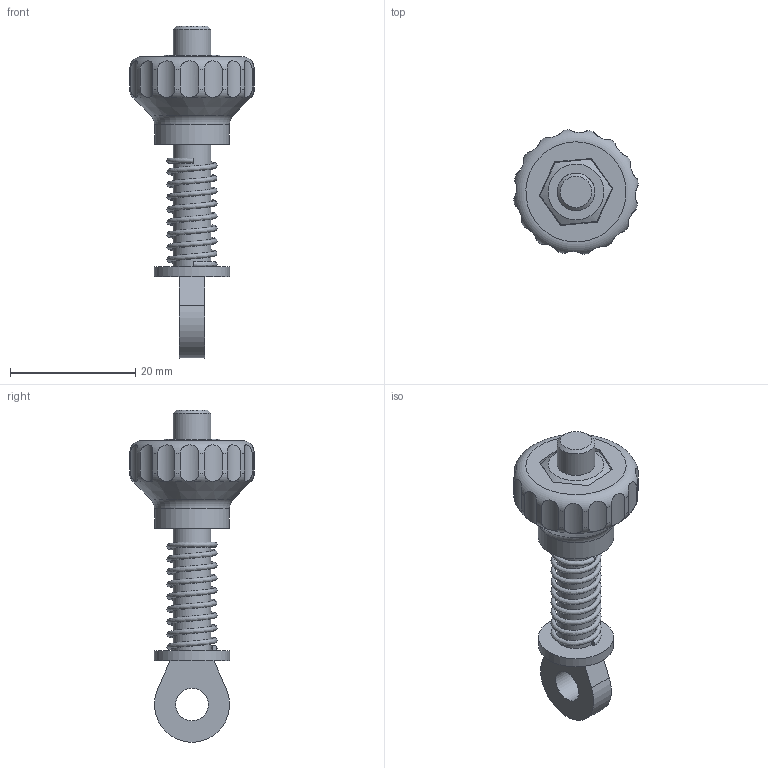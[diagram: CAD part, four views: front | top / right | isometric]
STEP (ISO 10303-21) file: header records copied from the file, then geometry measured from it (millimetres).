
FILE_DESCRIPTION(/* description */ (''),/* implementation_level */ '2;1');
FILE_NAME(/* name */ 'chariot_reglage_angulaire_vis.stp',/* time_stamp */ '2021-03-29T18:28:31+02:00',/* author */ ('Utilisateur'),/* organization */ (''),/* preprocessor_version */ 'ST-DEVELOPER v16.5',/* originating_system */ 'Autodesk Inventor 2017',/* authorisation */ '');
FILE_SCHEMA (('AUTOMOTIVE_DESIGN { 1 0 10303 214 3 1 1 }'));
Length unit declared in the file: millimetre
Products named in the file (6): chariot_reglage_angulaire_vis; chariot_reglage_angulaire_tigefiletee; ISO 7089 - 6 - 140 HV; chariot_reglage_angulaire_ressort1; chariot__reglage_angulaire_manette; ISO 4032 - M6
Assembly tree (5 placements, depth 2):
  chariot_reglage_angulaire_vis
    chariot_reglage_angulaire_tigefiletee
    ISO 7089 - 6 - 140 HV
    chariot_reglage_angulaire_ressort1
    chariot__reglage_angulaire_manette
    ISO 4032 - M6
Bounding box: 19.88 x 19.88 x 52.98 mm (x, y, z)
Volume: 4395 mm3; surface area: 3802.1 mm2
Topology: 5 solids, 5 shells, 80 faces, 198 edges, 129 vertices
Faces by surface type: cylinder 40, plane 30, cone 6, torus 3, bspline 1
Full cylindrical faces by diameter (mm): 4.917 x1, 5.2 x1, 6 x1, 6.4 x1, 6.5 x1, 12 x2
Entity records: 4025 total; most frequent: CARTESIAN_POINT 2082, DIRECTION 372, ORIENTED_EDGE 352, EDGE_CURVE 176, AXIS2_PLACEMENT_3D 151, VERTEX_POINT 123, EDGE_LOOP 105, FACE_OUTER_BOUND 80

· · · · ·

### Task item
One stretch of the lines above is wanted, from the line that contains "FILE_NAME(/* name */" through the line that contains "Topology: 5 solids, 5". Output it exactly.

### Task output
FILE_NAME(/* name */ 'chariot_reglage_angulaire_vis.stp',/* time_stamp */ '2021-03-29T18:28:31+02:00',/* author */ ('Utilisateur'),/* organization */ (''),/* preprocessor_version */ 'ST-DEVELOPER v16.5',/* originating_system */ 'Autodesk Inventor 2017',/* authorisation */ '');
FILE_SCHEMA (('AUTOMOTIVE_DESIGN { 1 0 10303 214 3 1 1 }'));
Length unit declared in the file: millimetre
Products named in the file (6): chariot_reglage_angulaire_vis; chariot_reglage_angulaire_tigefiletee; ISO 7089 - 6 - 140 HV; chariot_reglage_angulaire_ressort1; chariot__reglage_angulaire_manette; ISO 4032 - M6
Assembly tree (5 placements, depth 2):
  chariot_reglage_angulaire_vis
    chariot_reglage_angulaire_tigefiletee
    ISO 7089 - 6 - 140 HV
    chariot_reglage_angulaire_ressort1
    chariot__reglage_angulaire_manette
    ISO 4032 - M6
Bounding box: 19.88 x 19.88 x 52.98 mm (x, y, z)
Volume: 4395 mm3; surface area: 3802.1 mm2
Topology: 5 solids, 5 shells, 80 faces, 198 edges, 129 vertices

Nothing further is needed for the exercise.